◆ **Exercise details**
Provide only the number of lines in the records where "Grassland" appears.

(Stored items)

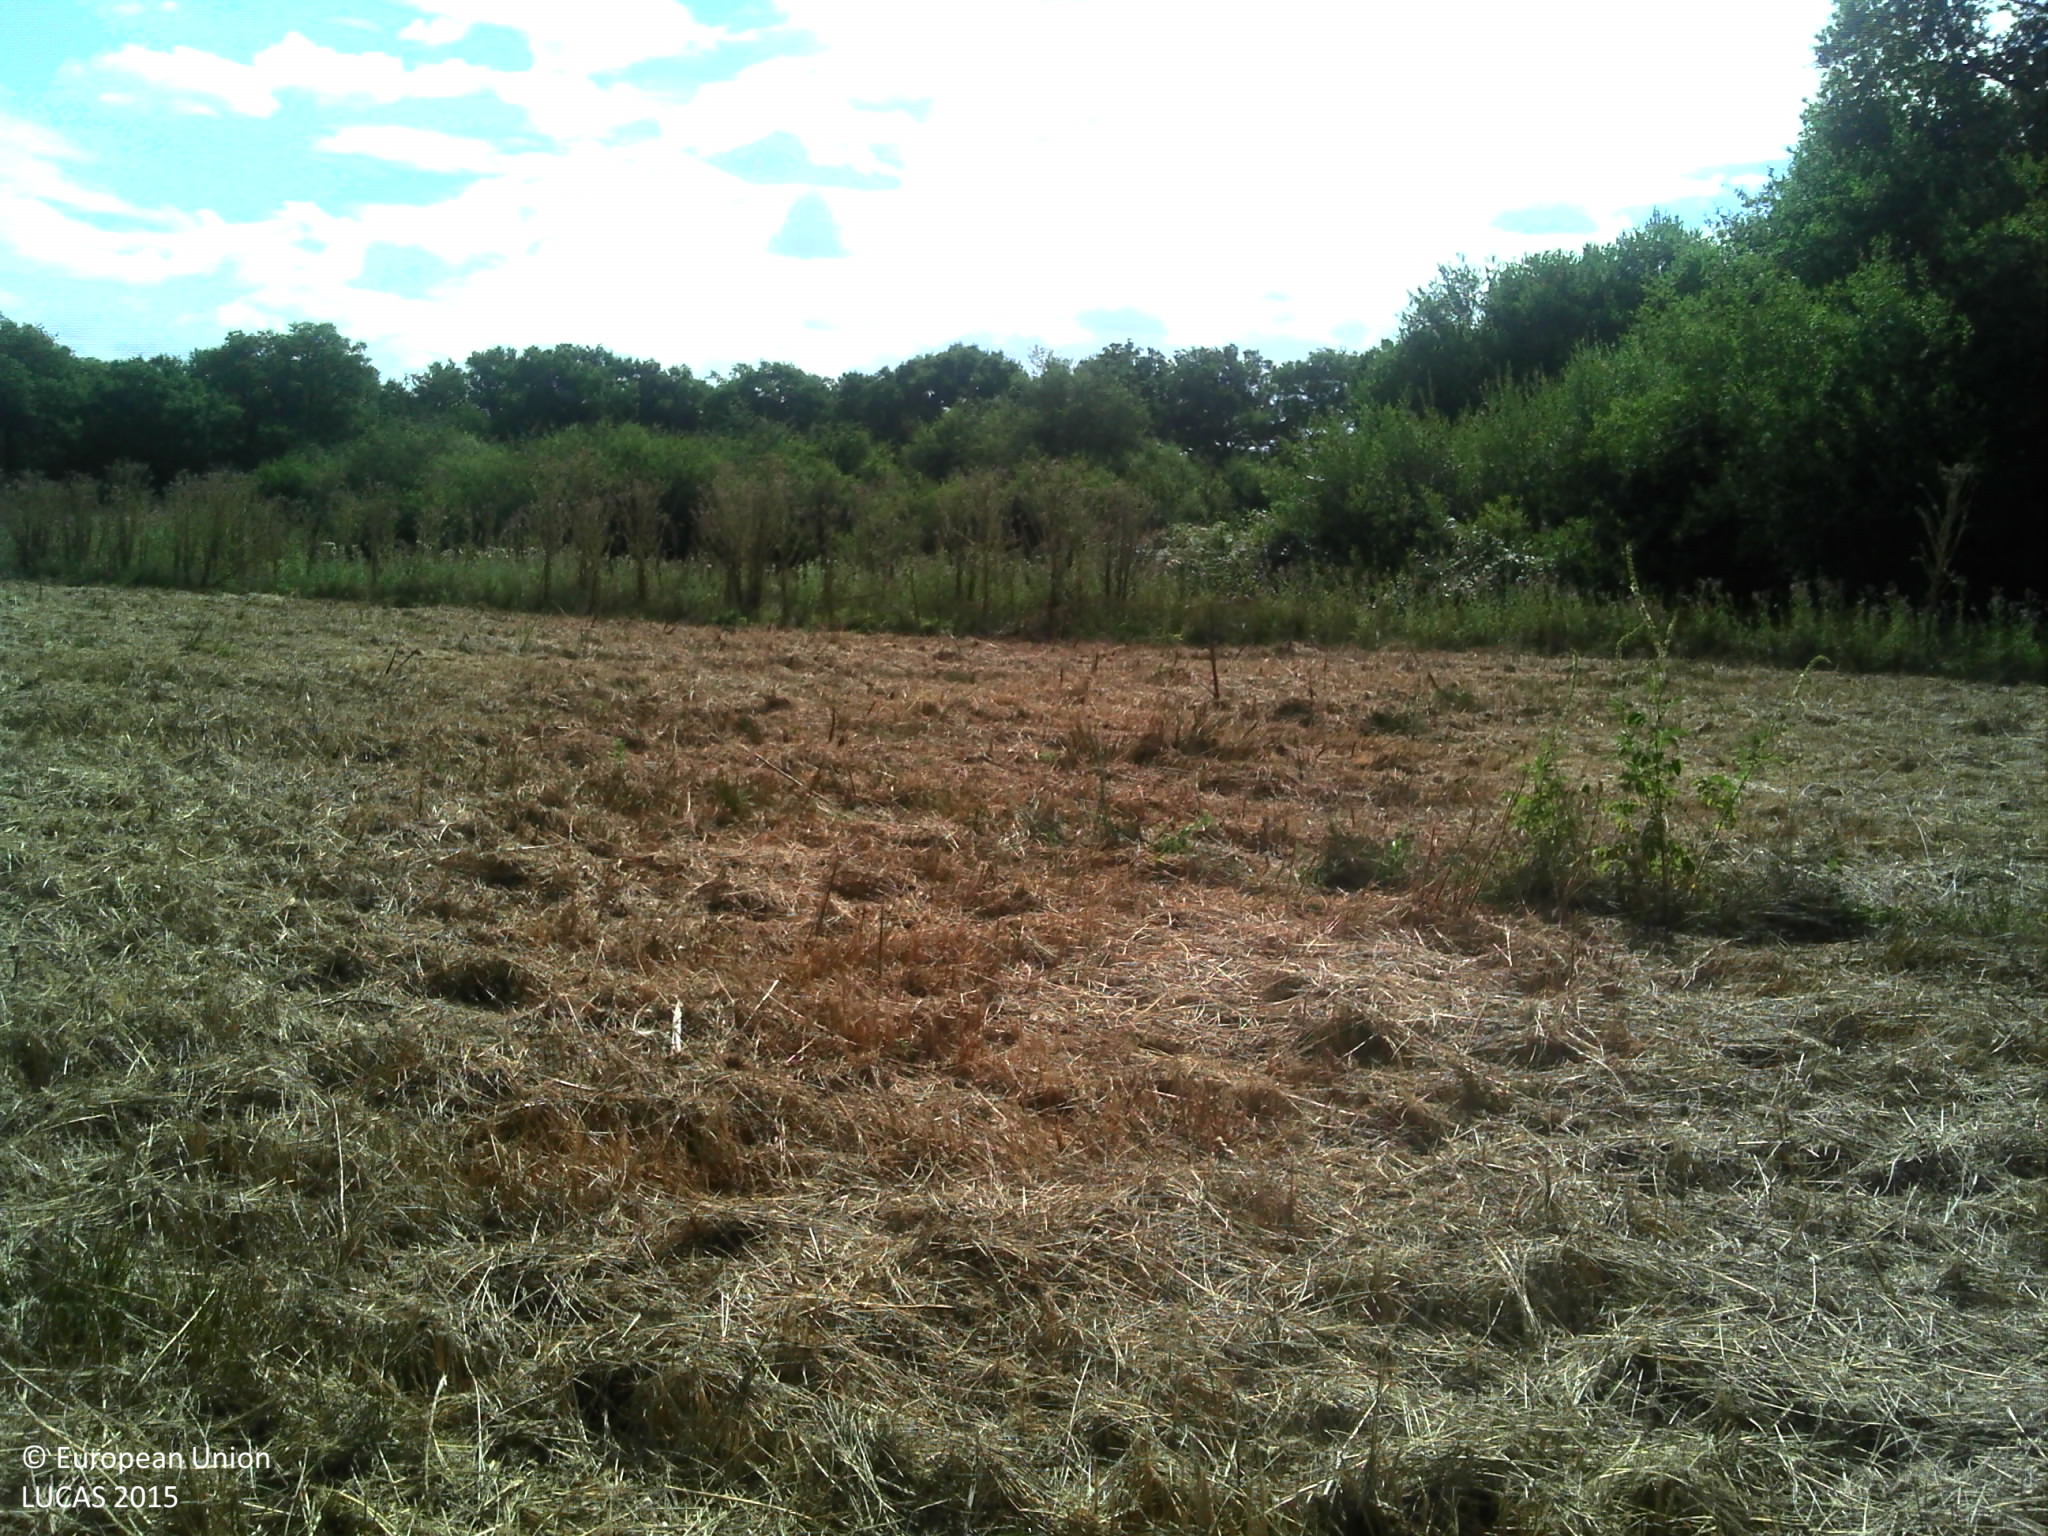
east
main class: Grassland
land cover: Grassland without tree/shrub cover
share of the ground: > 75 %
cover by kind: herbaceous plants 100 %
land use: Agriculture (excluding fallow land and kitchen gardens)
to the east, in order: Grassland without tree/shrub cover; Spontaneously vegetated surfaces; Inland marshes; Spontaneously vegetated surfaces; Broadleaved woodland; Fences; Grassland without tree/shrub cover
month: July
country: FR
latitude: 46.2780
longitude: 1.2028

◆ **Exercise result**
3